Start of SUPPLIED DATA

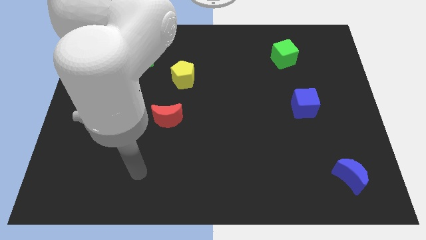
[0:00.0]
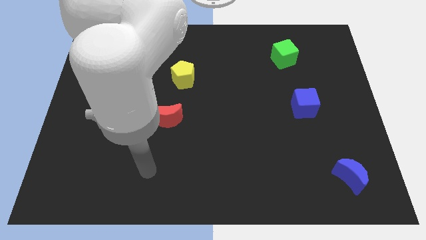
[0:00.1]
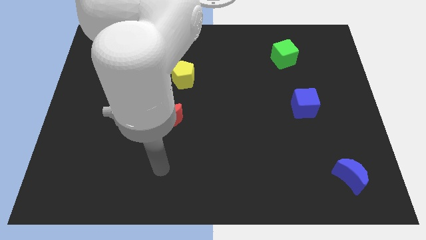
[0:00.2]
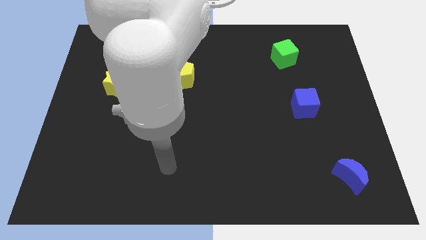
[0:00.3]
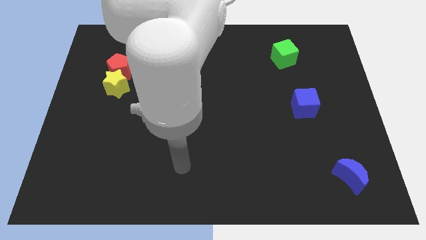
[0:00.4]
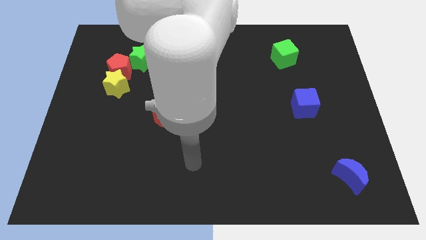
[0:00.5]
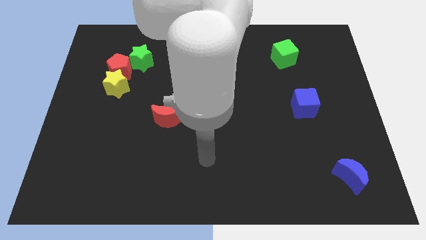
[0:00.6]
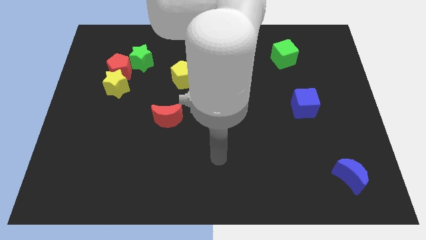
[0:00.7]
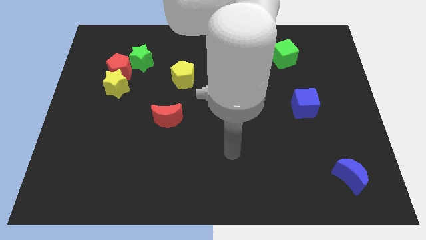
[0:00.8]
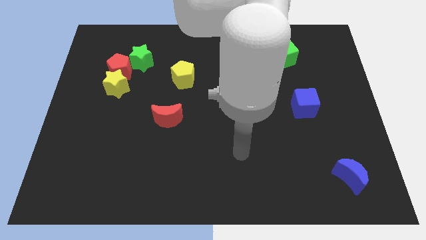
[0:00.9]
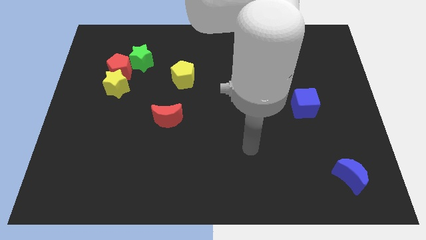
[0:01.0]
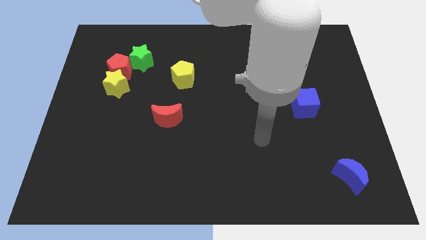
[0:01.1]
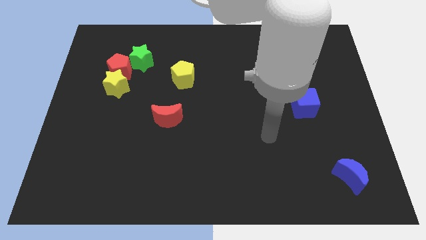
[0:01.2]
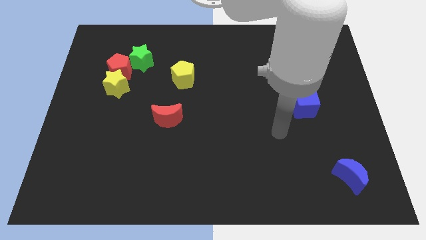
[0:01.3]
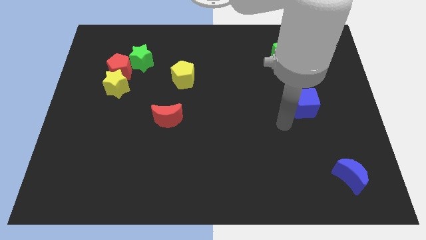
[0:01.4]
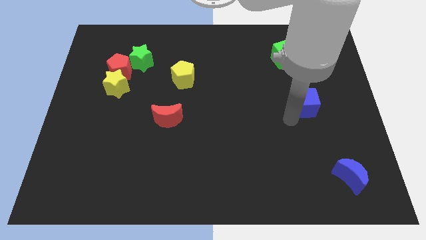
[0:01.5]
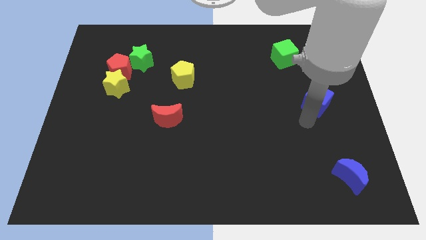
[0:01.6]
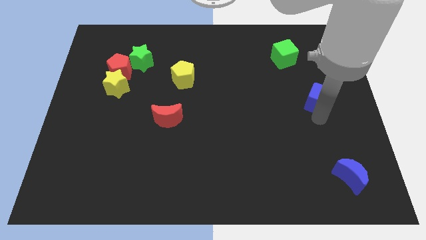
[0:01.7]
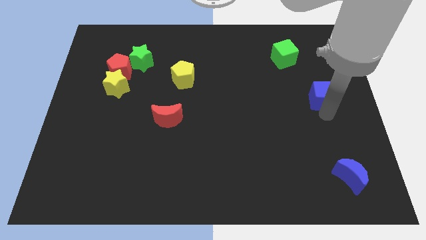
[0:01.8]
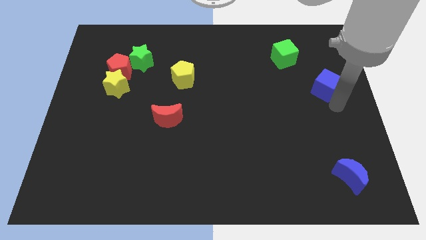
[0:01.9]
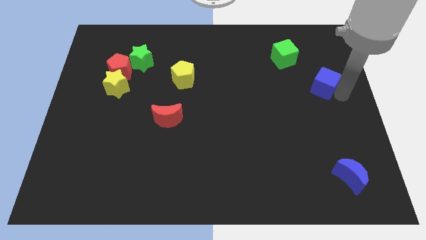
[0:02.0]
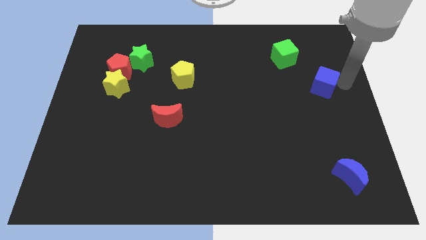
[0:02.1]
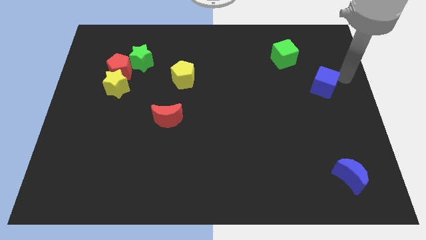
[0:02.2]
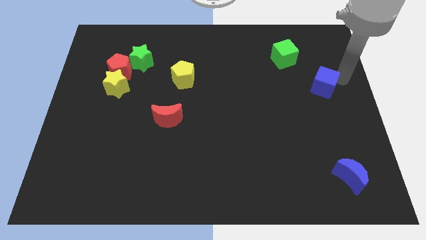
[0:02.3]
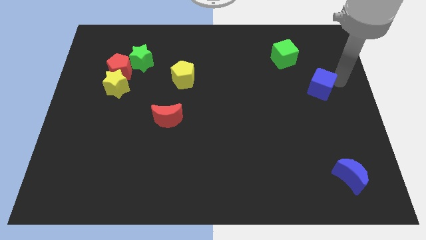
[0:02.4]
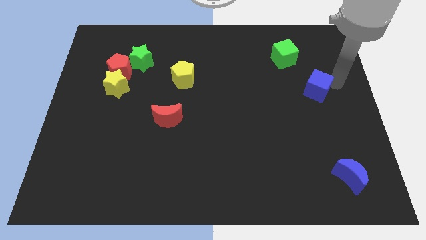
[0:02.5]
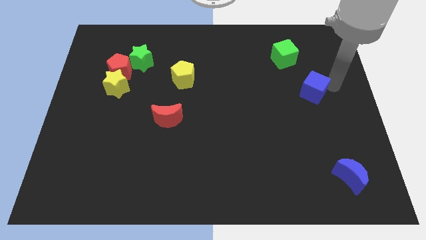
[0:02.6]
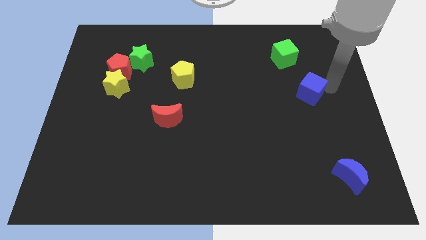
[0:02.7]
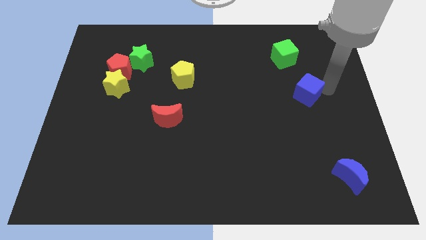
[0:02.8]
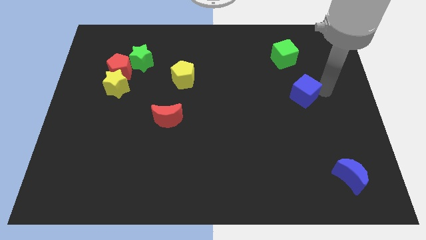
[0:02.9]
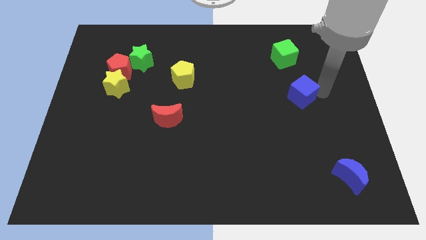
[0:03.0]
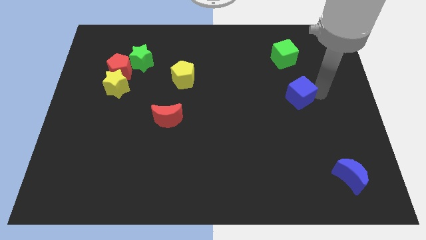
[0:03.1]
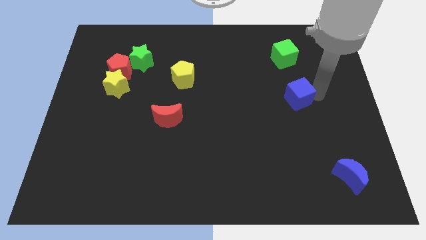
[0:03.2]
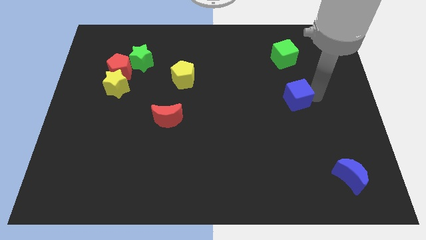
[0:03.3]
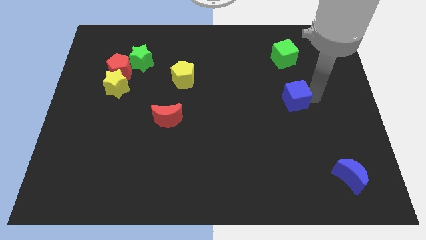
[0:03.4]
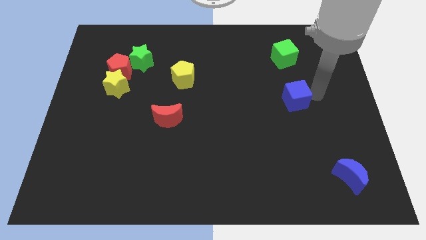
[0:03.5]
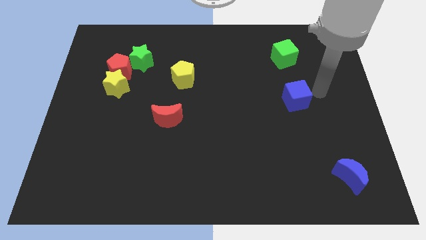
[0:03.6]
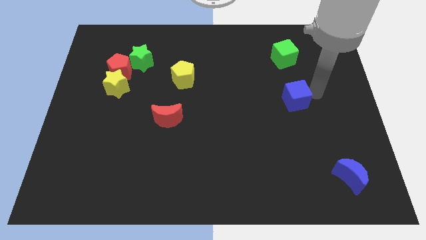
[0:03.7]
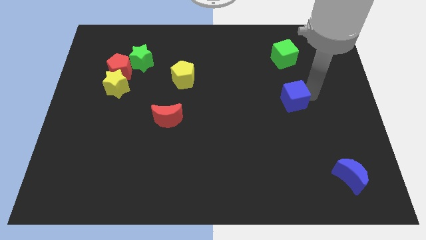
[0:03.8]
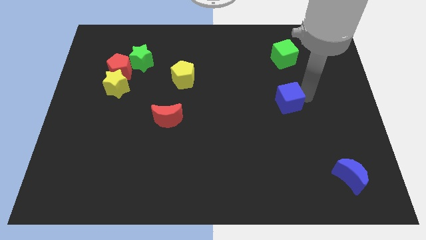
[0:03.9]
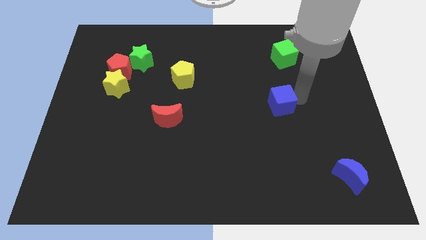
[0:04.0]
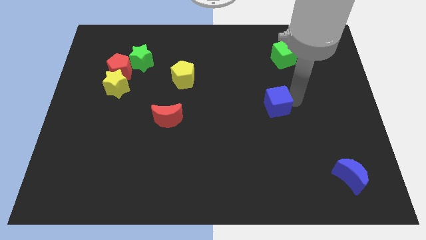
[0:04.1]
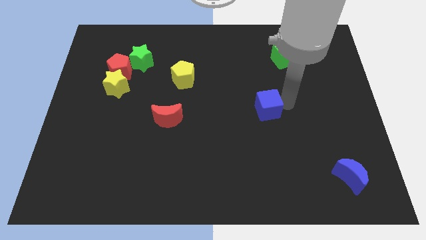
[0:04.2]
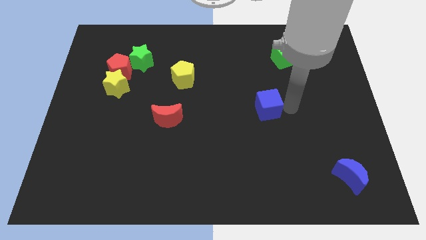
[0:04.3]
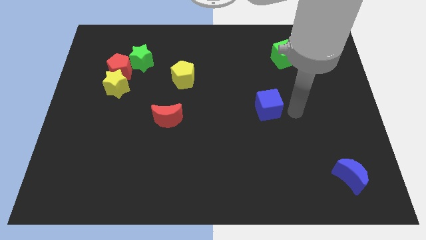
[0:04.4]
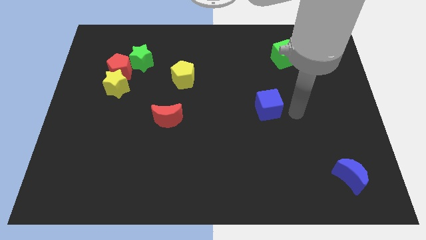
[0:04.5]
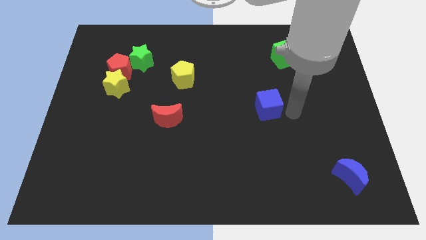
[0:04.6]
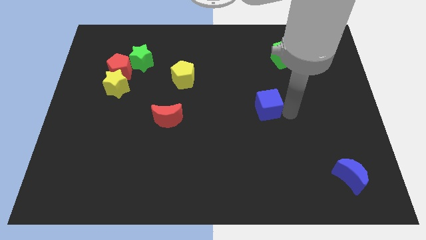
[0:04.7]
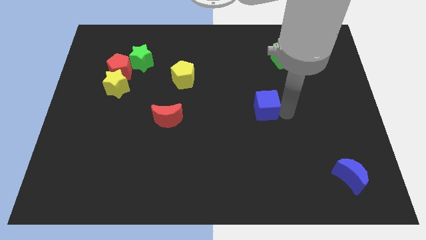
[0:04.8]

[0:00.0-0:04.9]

End of SUPPLIED DATA

- _TASK INSTRUCTIONS_: Would you retype the entries above in full, exactly as written, minus the pictures?

- _RESULT OF THE TASK_:
[0:00.0]
[0:00.1]
[0:00.2]
[0:00.3]
[0:00.4]
[0:00.5]
[0:00.6]
[0:00.7]
[0:00.8]
[0:00.9]
[0:01.0]
[0:01.1]
[0:01.2]
[0:01.3]
[0:01.4]
[0:01.5]
[0:01.6]
[0:01.7]
[0:01.8]
[0:01.9]
[0:02.0]
[0:02.1]
[0:02.2]
[0:02.3]
[0:02.4]
[0:02.5]
[0:02.6]
[0:02.7]
[0:02.8]
[0:02.9]
[0:03.0]
[0:03.1]
[0:03.2]
[0:03.3]
[0:03.4]
[0:03.5]
[0:03.6]
[0:03.7]
[0:03.8]
[0:03.9]
[0:04.0]
[0:04.1]
[0:04.2]
[0:04.3]
[0:04.4]
[0:04.5]
[0:04.6]
[0:04.7]
[0:04.8]

[0:00.0-0:04.9]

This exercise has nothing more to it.